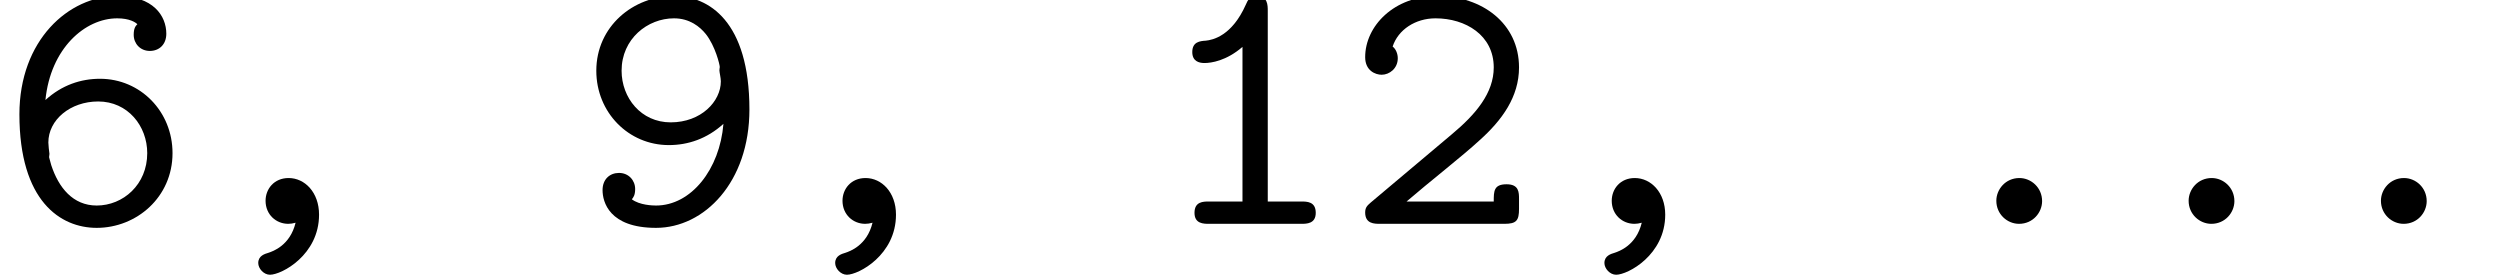 <?xml version='1.0' encoding='UTF-8'?>
<!-- This file was generated by dvisvgm 2.6.3 -->
<svg version='1.1' xmlns='http://www.w3.org/2000/svg' xmlns:xlink='http://www.w3.org/1999/xlink' width='74.454pt' height='8.182pt' viewBox='70.735 62.076 74.454 8.182'>
<defs>
<path id='g0-44' d='M3.076 -0.033C2.913 0.644 2.4 0.818 2.269 0.862C2.16 0.895 1.964 0.949 1.964 1.167C1.964 1.331 2.127 1.516 2.313 1.516C2.662 1.516 3.775 0.927 3.775 -0.273C3.775 -0.938 3.349 -1.364 2.869 -1.364C2.433 -1.364 2.182 -1.036 2.182 -0.687C2.182 -0.273 2.498 0 2.858 0C2.924 0 3 -0.011 3.076 -0.033Z'/>
<path id='g0-46' d='M3.545 -0.676C3.545 -1.08 3.218 -1.364 2.869 -1.364C2.455 -1.364 2.182 -1.025 2.182 -0.687C2.182 -0.284 2.509 0 2.858 0C3.273 0 3.545 -0.338 3.545 -0.676Z'/>
<path id='g0-49' d='M3.393 -6.338C3.393 -6.513 3.393 -6.785 3.065 -6.785C2.858 -6.785 2.793 -6.655 2.738 -6.524C2.324 -5.596 1.756 -5.476 1.549 -5.455C1.375 -5.444 1.145 -5.422 1.145 -5.116C1.145 -4.844 1.342 -4.789 1.505 -4.789C1.713 -4.789 2.16 -4.855 2.64 -5.269V-0.665H1.647C1.473 -0.665 1.211 -0.665 1.211 -0.327C1.211 0 1.484 0 1.647 0H4.385C4.549 0 4.822 0 4.822 -0.327C4.822 -0.665 4.56 -0.665 4.385 -0.665H3.393V-6.338Z'/>
<path id='g0-50' d='M0.731 -0.633C0.633 -0.545 0.567 -0.491 0.567 -0.338C0.567 0 0.84 0 1.015 0H4.713C5.073 0 5.149 -0.098 5.149 -0.447V-0.731C5.149 -0.938 5.149 -1.178 4.778 -1.178C4.396 -1.178 4.396 -0.971 4.396 -0.665H1.8C2.444 -1.222 3.491 -2.04 3.96 -2.476C4.647 -3.087 5.149 -3.785 5.149 -4.658C5.149 -5.967 4.047 -6.785 2.716 -6.785C1.429 -6.785 0.567 -5.891 0.567 -4.964C0.567 -4.56 0.873 -4.44 1.058 -4.44C1.287 -4.44 1.538 -4.625 1.538 -4.931C1.538 -5.062 1.484 -5.204 1.385 -5.28C1.549 -5.782 2.062 -6.12 2.662 -6.12C3.556 -6.12 4.396 -5.618 4.396 -4.658C4.396 -3.895 3.862 -3.262 3.142 -2.662L0.731 -0.633Z'/>
<path id='g0-54' d='M1.353 -3.687C1.505 -5.225 2.531 -6.12 3.491 -6.12C3.862 -6.12 4.036 -6 4.091 -5.945C4.036 -5.891 3.982 -5.825 3.982 -5.629C3.982 -5.367 4.178 -5.149 4.462 -5.149C4.735 -5.149 4.953 -5.335 4.953 -5.662C4.953 -6.196 4.56 -6.785 3.502 -6.785C2.04 -6.785 0.578 -5.465 0.578 -3.262C0.578 -0.676 1.8 0.12 2.88 0.12C4.069 0.12 5.138 -0.796 5.138 -2.105C5.138 -3.349 4.178 -4.32 2.978 -4.32C2.411 -4.32 1.844 -4.135 1.353 -3.687ZM2.88 -0.545C2.171 -0.545 1.745 -1.08 1.527 -1.745C1.505 -1.811 1.495 -1.876 1.473 -1.942C1.473 -1.942 1.462 -1.985 1.462 -1.985S1.473 -2.084 1.473 -2.084C1.462 -2.16 1.44 -2.345 1.44 -2.422C1.44 -3.098 2.095 -3.644 2.924 -3.644C3.807 -3.644 4.385 -2.913 4.385 -2.105C4.385 -1.167 3.665 -0.545 2.88 -0.545Z'/>
<path id='g0-57' d='M4.364 -2.978C4.255 -1.625 3.404 -0.545 2.356 -0.545C2.258 -0.545 1.865 -0.556 1.636 -0.731C1.68 -0.785 1.735 -0.851 1.735 -1.036C1.735 -1.298 1.538 -1.516 1.255 -1.516C0.982 -1.516 0.764 -1.331 0.764 -1.004C0.764 -0.655 0.96 0.12 2.356 0.12C3.796 0.12 5.138 -1.244 5.138 -3.404C5.138 -6.033 3.927 -6.785 2.891 -6.785C1.68 -6.785 0.578 -5.88 0.578 -4.56C0.578 -3.316 1.538 -2.345 2.738 -2.345C3.305 -2.345 3.873 -2.531 4.364 -2.978ZM2.793 -3.022C1.909 -3.022 1.331 -3.753 1.331 -4.56C1.331 -5.509 2.105 -6.12 2.891 -6.12C3.36 -6.12 3.665 -5.869 3.84 -5.651C4.124 -5.291 4.255 -4.735 4.255 -4.669C4.255 -4.647 4.244 -4.625 4.244 -4.571S4.287 -4.342 4.287 -4.244C4.287 -3.644 3.698 -3.022 2.793 -3.022Z'/>
</defs>
<g id='page1'>
<use x='70.735' y='68.742' xlink:href='#g0-54'/>
<use x='76.462' y='68.742' xlink:href='#g0-44'/>
<use x='87.916' y='68.742' xlink:href='#g0-57'/>
<use x='93.644' y='68.742' xlink:href='#g0-44'/>
<use x='105.098' y='68.742' xlink:href='#g0-49'/>
<use x='110.825' y='68.742' xlink:href='#g0-50'/>
<use x='116.553' y='68.742' xlink:href='#g0-44'/>
<use x='128.007' y='68.742' xlink:href='#g0-46'/>
<use x='133.734' y='68.742' xlink:href='#g0-46'/>
<use x='139.461' y='68.742' xlink:href='#g0-46'/>
</g>
</svg><!--Rendered by QuickLaTeX.com-->
★ ★ ★
Problem: Wherever the word "xlink" appears in the records above, copy that line.

Task result:
<svg version='1.1' xmlns='http://www.w3.org/2000/svg' xmlns:xlink='http://www.w3.org/1999/xlink' width='74.454pt' height='8.182pt' viewBox='70.735 62.076 74.454 8.182'>
<use x='70.735' y='68.742' xlink:href='#g0-54'/>
<use x='76.462' y='68.742' xlink:href='#g0-44'/>
<use x='87.916' y='68.742' xlink:href='#g0-57'/>
<use x='93.644' y='68.742' xlink:href='#g0-44'/>
<use x='105.098' y='68.742' xlink:href='#g0-49'/>
<use x='110.825' y='68.742' xlink:href='#g0-50'/>
<use x='116.553' y='68.742' xlink:href='#g0-44'/>
<use x='128.007' y='68.742' xlink:href='#g0-46'/>
<use x='133.734' y='68.742' xlink:href='#g0-46'/>
<use x='139.461' y='68.742' xlink:href='#g0-46'/>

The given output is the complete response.